[Excerpts from a dataset]
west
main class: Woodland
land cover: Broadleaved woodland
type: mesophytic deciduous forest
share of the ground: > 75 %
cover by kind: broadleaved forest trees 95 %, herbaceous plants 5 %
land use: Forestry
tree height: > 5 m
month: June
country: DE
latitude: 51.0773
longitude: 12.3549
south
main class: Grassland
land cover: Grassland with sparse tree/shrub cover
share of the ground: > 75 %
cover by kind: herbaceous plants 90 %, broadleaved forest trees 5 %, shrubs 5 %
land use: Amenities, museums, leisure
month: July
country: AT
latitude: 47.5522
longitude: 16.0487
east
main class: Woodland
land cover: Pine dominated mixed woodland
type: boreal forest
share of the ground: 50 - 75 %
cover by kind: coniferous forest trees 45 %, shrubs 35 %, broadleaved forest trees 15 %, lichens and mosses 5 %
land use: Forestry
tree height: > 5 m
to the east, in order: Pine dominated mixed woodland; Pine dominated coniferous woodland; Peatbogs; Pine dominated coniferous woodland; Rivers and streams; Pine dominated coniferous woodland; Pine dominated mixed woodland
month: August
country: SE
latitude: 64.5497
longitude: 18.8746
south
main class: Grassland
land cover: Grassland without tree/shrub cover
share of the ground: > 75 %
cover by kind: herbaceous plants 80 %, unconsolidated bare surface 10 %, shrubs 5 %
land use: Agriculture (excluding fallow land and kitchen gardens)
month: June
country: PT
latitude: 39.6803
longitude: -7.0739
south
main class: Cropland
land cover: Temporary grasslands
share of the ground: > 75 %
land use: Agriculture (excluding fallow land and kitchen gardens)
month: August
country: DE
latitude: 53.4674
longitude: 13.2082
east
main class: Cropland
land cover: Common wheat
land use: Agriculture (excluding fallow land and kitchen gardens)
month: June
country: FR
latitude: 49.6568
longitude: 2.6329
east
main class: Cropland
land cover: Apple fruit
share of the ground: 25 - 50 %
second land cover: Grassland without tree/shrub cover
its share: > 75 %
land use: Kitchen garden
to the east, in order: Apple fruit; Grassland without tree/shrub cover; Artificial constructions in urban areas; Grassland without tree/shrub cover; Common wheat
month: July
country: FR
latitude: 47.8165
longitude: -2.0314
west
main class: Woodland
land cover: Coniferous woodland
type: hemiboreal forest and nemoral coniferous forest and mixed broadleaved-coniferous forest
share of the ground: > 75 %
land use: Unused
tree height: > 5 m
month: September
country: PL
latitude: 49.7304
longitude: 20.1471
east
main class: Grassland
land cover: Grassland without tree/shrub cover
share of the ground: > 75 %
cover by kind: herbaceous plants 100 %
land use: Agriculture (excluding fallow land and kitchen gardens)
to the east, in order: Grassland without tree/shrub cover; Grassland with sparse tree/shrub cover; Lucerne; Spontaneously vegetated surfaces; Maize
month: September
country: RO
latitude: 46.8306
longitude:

Try it> Each record above should be transcribed exactly.

Answer to this problem>
west
main class: Woodland
land cover: Broadleaved woodland
type: mesophytic deciduous forest
share of the ground: > 75 %
cover by kind: broadleaved forest trees 95 %, herbaceous plants 5 %
land use: Forestry
tree height: > 5 m
month: June
country: DE
latitude: 51.0773
longitude: 12.3549
south
main class: Grassland
land cover: Grassland with sparse tree/shrub cover
share of the ground: > 75 %
cover by kind: herbaceous plants 90 %, broadleaved forest trees 5 %, shrubs 5 %
land use: Amenities, museums, leisure
month: July
country: AT
latitude: 47.5522
longitude: 16.0487
east
main class: Woodland
land cover: Pine dominated mixed woodland
type: boreal forest
share of the ground: 50 - 75 %
cover by kind: coniferous forest trees 45 %, shrubs 35 %, broadleaved forest trees 15 %, lichens and mosses 5 %
land use: Forestry
tree height: > 5 m
to the east, in order: Pine dominated mixed woodland; Pine dominated coniferous woodland; Peatbogs; Pine dominated coniferous woodland; Rivers and streams; Pine dominated coniferous woodland; Pine dominated mixed woodland
month: August
country: SE
latitude: 64.5497
longitude: 18.8746
south
main class: Grassland
land cover: Grassland without tree/shrub cover
share of the ground: > 75 %
cover by kind: herbaceous plants 80 %, unconsolidated bare surface 10 %, shrubs 5 %
land use: Agriculture (excluding fallow land and kitchen gardens)
month: June
country: PT
latitude: 39.6803
longitude: -7.0739
south
main class: Cropland
land cover: Temporary grasslands
share of the ground: > 75 %
land use: Agriculture (excluding fallow land and kitchen gardens)
month: August
country: DE
latitude: 53.4674
longitude: 13.2082
east
main class: Cropland
land cover: Common wheat
land use: Agriculture (excluding fallow land and kitchen gardens)
month: June
country: FR
latitude: 49.6568
longitude: 2.6329
east
main class: Cropland
land cover: Apple fruit
share of the ground: 25 - 50 %
second land cover: Grassland without tree/shrub cover
its share: > 75 %
land use: Kitchen garden
to the east, in order: Apple fruit; Grassland without tree/shrub cover; Artificial constructions in urban areas; Grassland without tree/shrub cover; Common wheat
month: July
country: FR
latitude: 47.8165
longitude: -2.0314
west
main class: Woodland
land cover: Coniferous woodland
type: hemiboreal forest and nemoral coniferous forest and mixed broadleaved-coniferous forest
share of the ground: > 75 %
land use: Unused
tree height: > 5 m
month: September
country: PL
latitude: 49.7304
longitude: 20.1471
east
main class: Grassland
land cover: Grassland without tree/shrub cover
share of the ground: > 75 %
cover by kind: herbaceous plants 100 %
land use: Agriculture (excluding fallow land and kitchen gardens)
to the east, in order: Grassland without tree/shrub cover; Grassland with sparse tree/shrub cover; Lucerne; Spontaneously vegetated surfaces; Maize
month: September
country: RO
latitude: 46.8306
longitude:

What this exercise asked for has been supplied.